Tales From Taxi World, "Well, here comes life!"

Jann Burner
I got a call in the deep Richmond district of The City, out by the beach. It was five a.m.. I rang the bell and out came a young woman, maybe twenty-one. She was carrying an overnight sort of bag and she was extremely pretty. As we proceeded to her destination I couldn't help but stare at her in the mirror. Was she a hooker, I thought? No. Her spirit was too new. She glowed. She was too pretty, especially for five in the morning. So the questions begin to come. Where was she from? What did she do? Where was she going at five in the morning?

She lived in Salinas. She worked in a laundry. One day six months before her boyfriend had sent in a photograph of her to a large casting agency in San Francisco. A week ago she got a call. They wanted her to come to the city to interview for a commercial. She was interviewed and she got the job. This was the first day of her very first job in The Business. She was not sure what she was supposed to do or what sort of a commercial it was to be, other than it was for a wine company.
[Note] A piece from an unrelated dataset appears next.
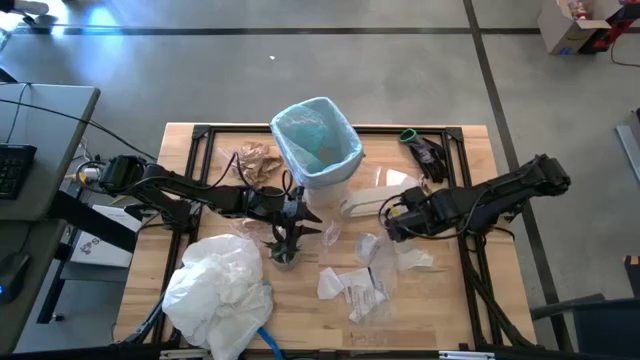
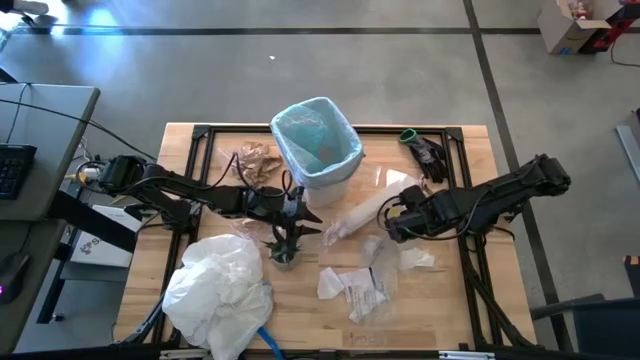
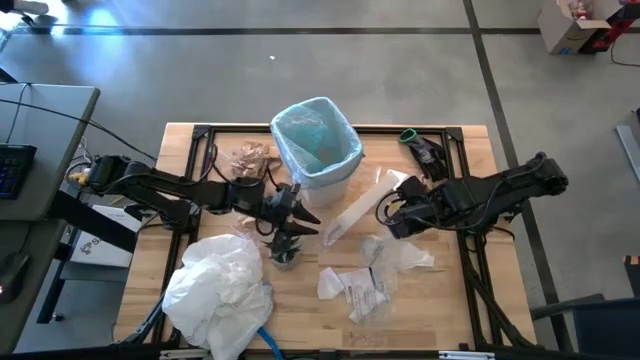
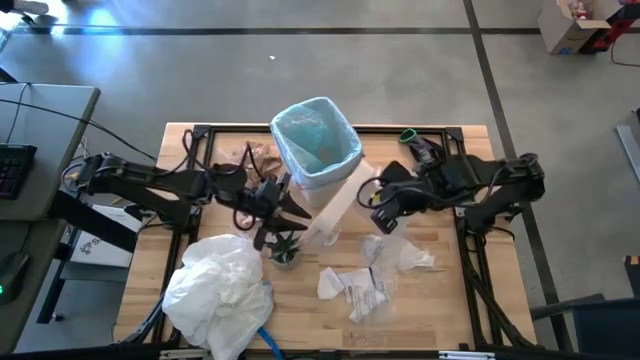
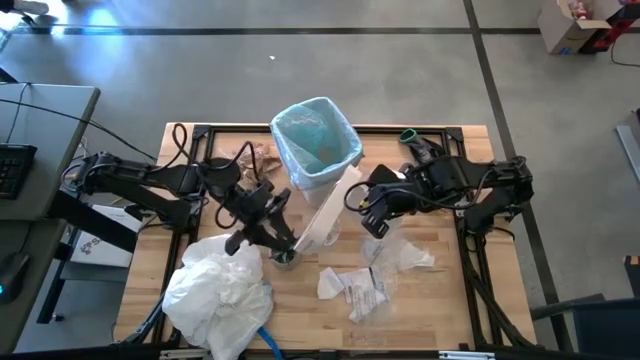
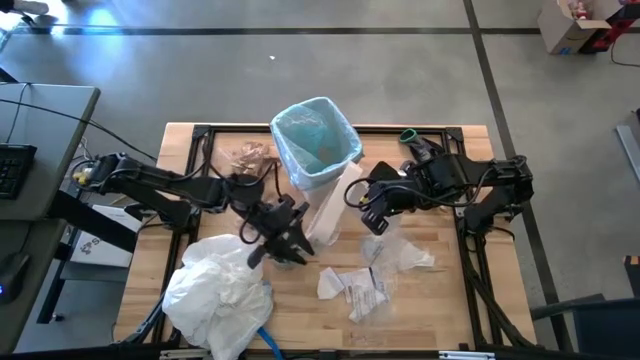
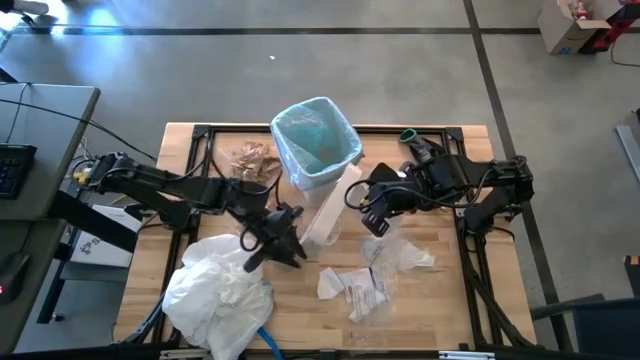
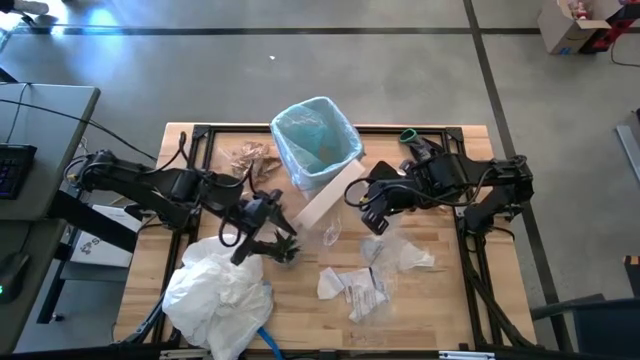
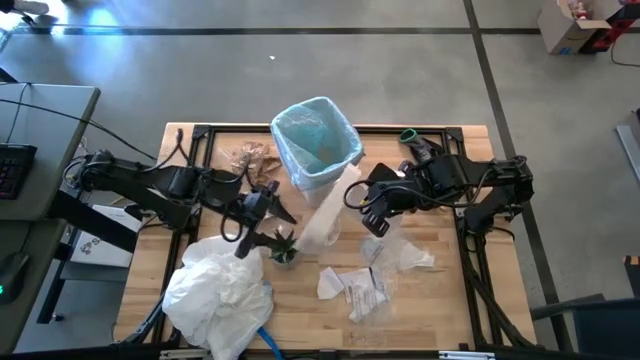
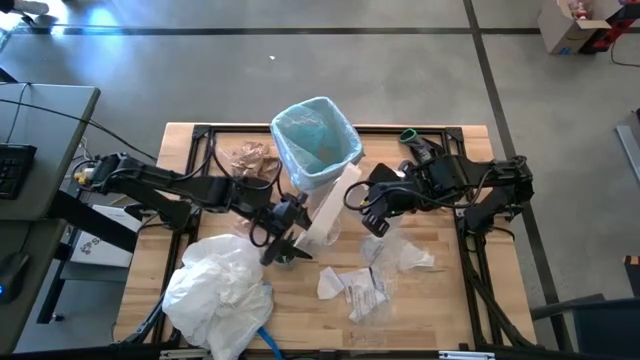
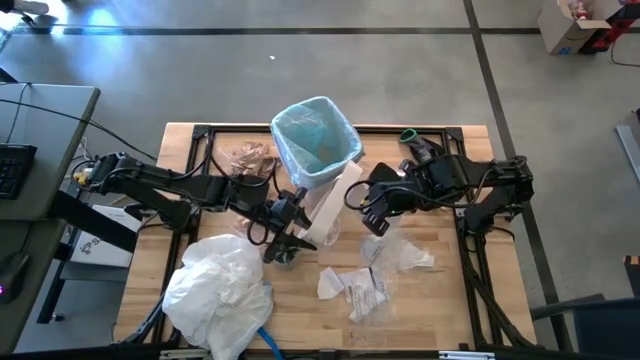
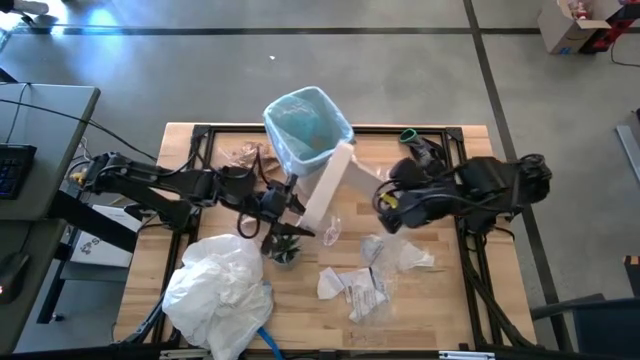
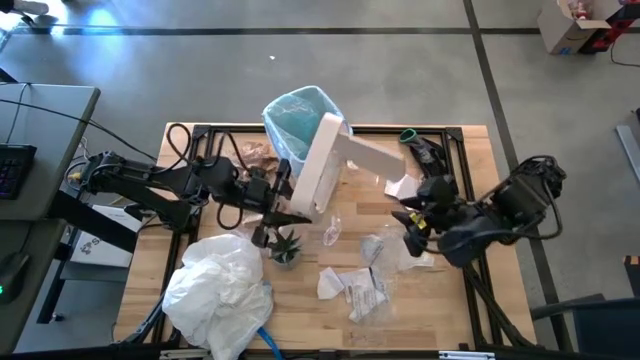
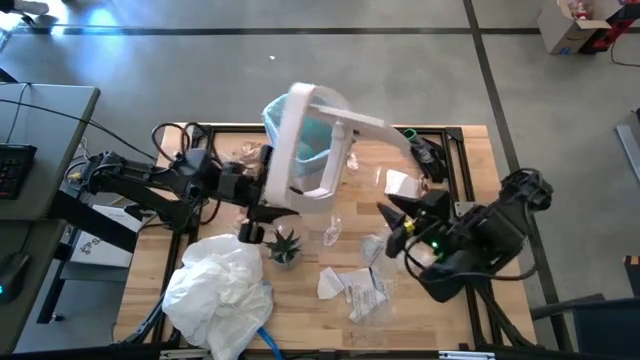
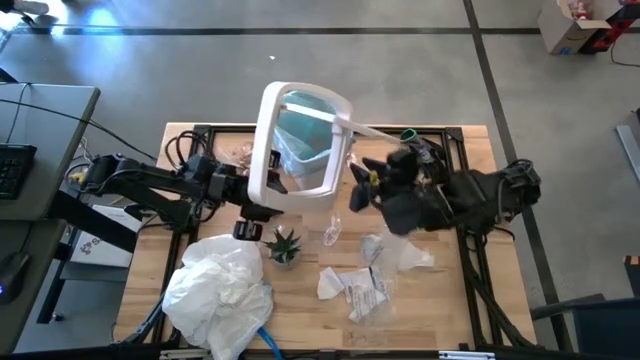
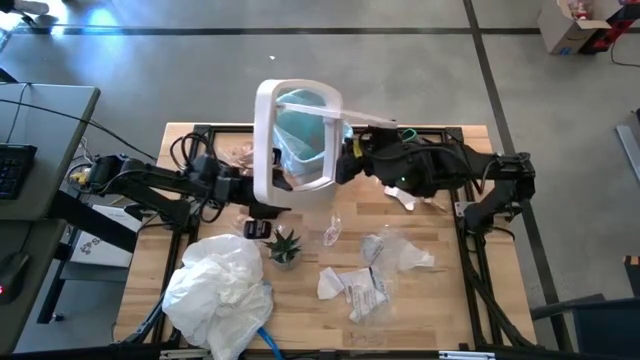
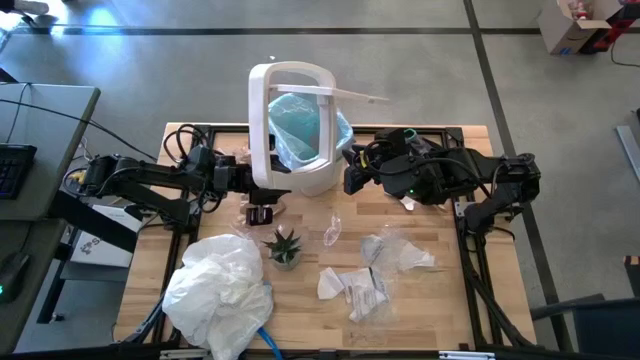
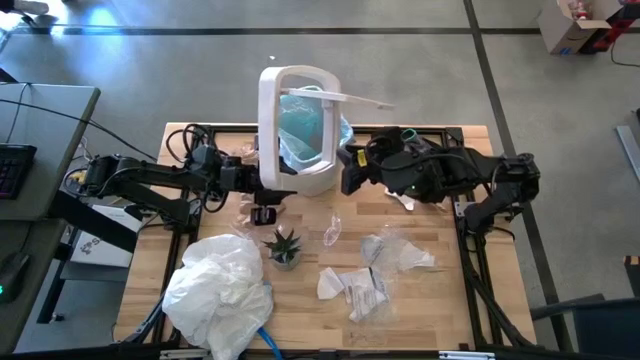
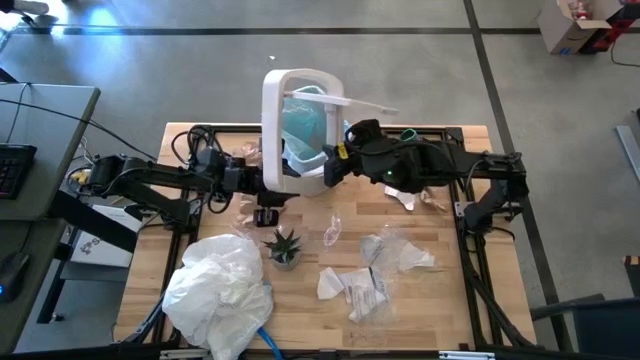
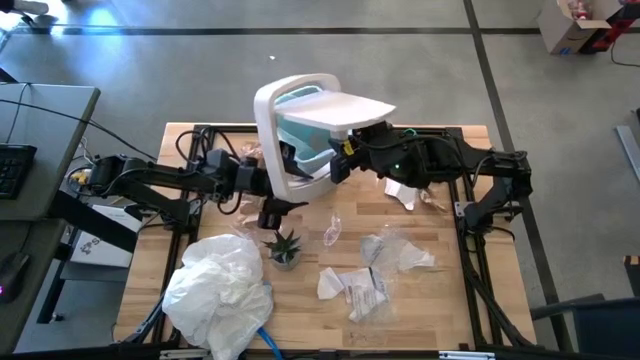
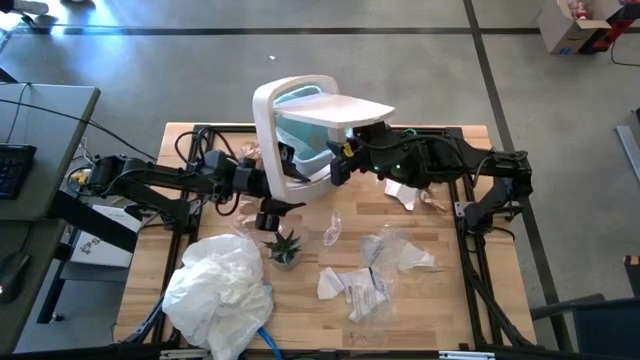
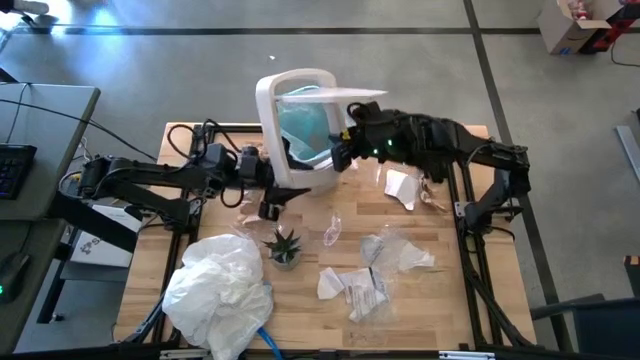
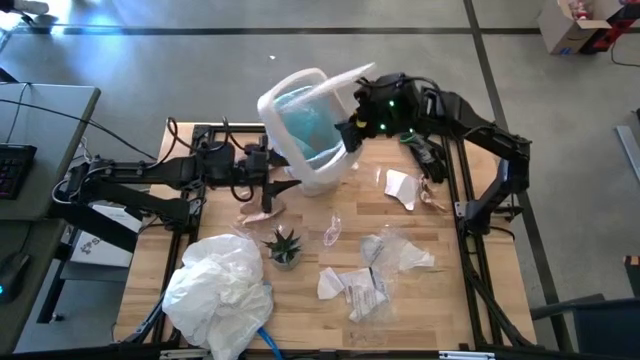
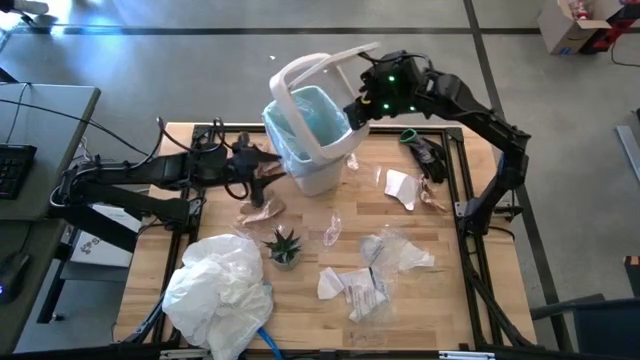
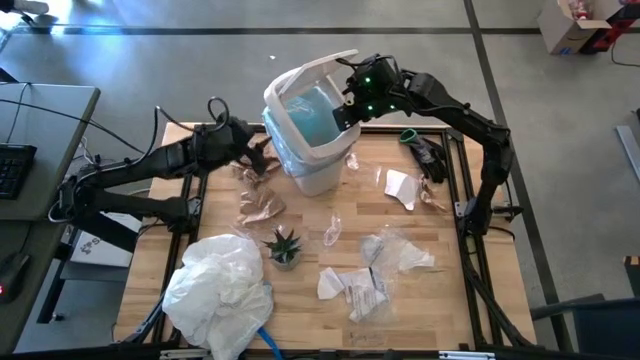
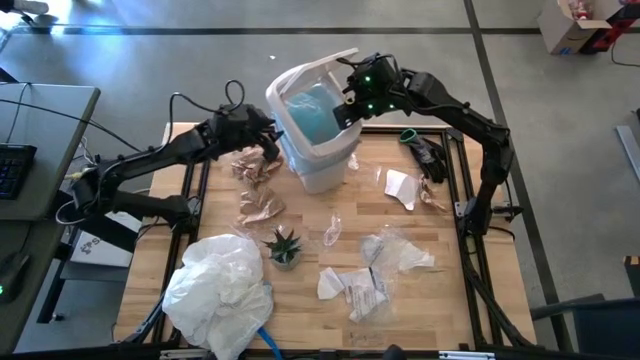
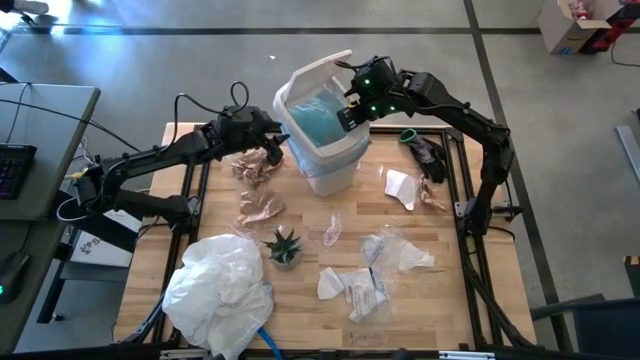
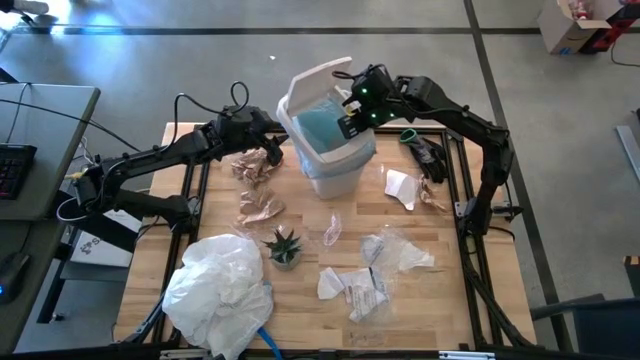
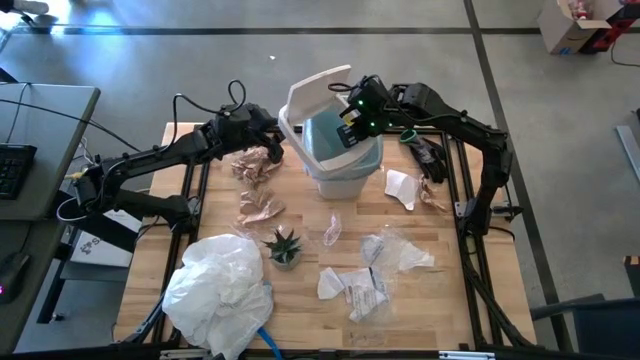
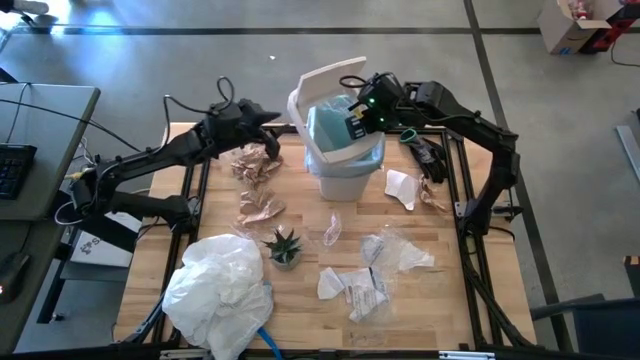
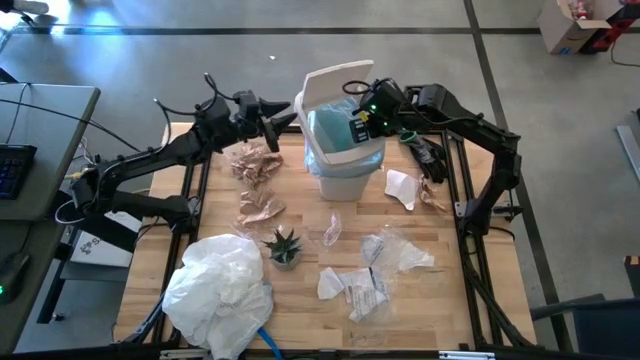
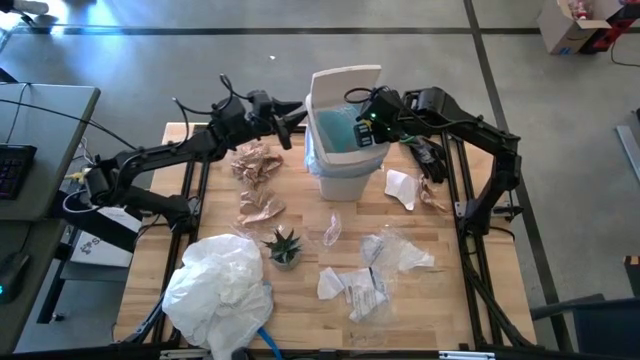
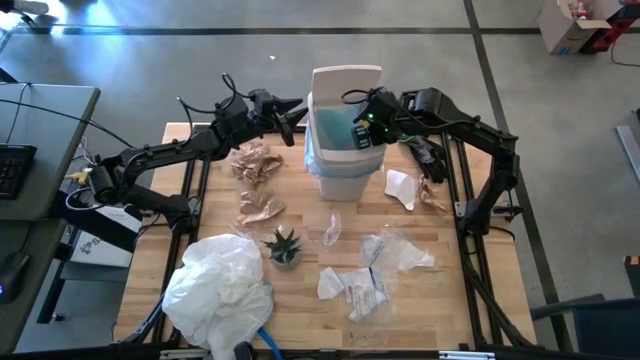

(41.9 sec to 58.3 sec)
Task: place trash/remove bag and relplace
Adjust the trash bin

She seemed so very calm. And that...glow. And then it hit me. This woman was a STAR. The world didn't know it yet, but she did. Somewhere deep in her genes she knew this and it radiated from her like a heat.

We finally turned a corner onto upper Grant Avenue in the North Beach area of the city. I slowed the cab. The entire street had been transformed into a Paris street scene from the 1930's. The curb was lined with old classic automobiles and the sidewalk was set up as an outdoor cafe. A large camera was on a crane and all the extras were milling around in period costumes. I was impressed. She seemed a bit stunned.

"I didn't realize..." she said, gesturing at all the trouble they had gone to in creating a little Paris in San Francisco.

This was obviously The Big Time. A man opened the door of the cab and helped her out, calling her by name. He was the director, he said, and he was very pleased to finally meet her. As she turned back to pay me, she had a startled expression as if she was just beginning to awake from a long sleep. And then she looked directly into my eyes and smiled. I could see the glow. I could feel her heat!

"Well," she said with a smile, "Here comes life!"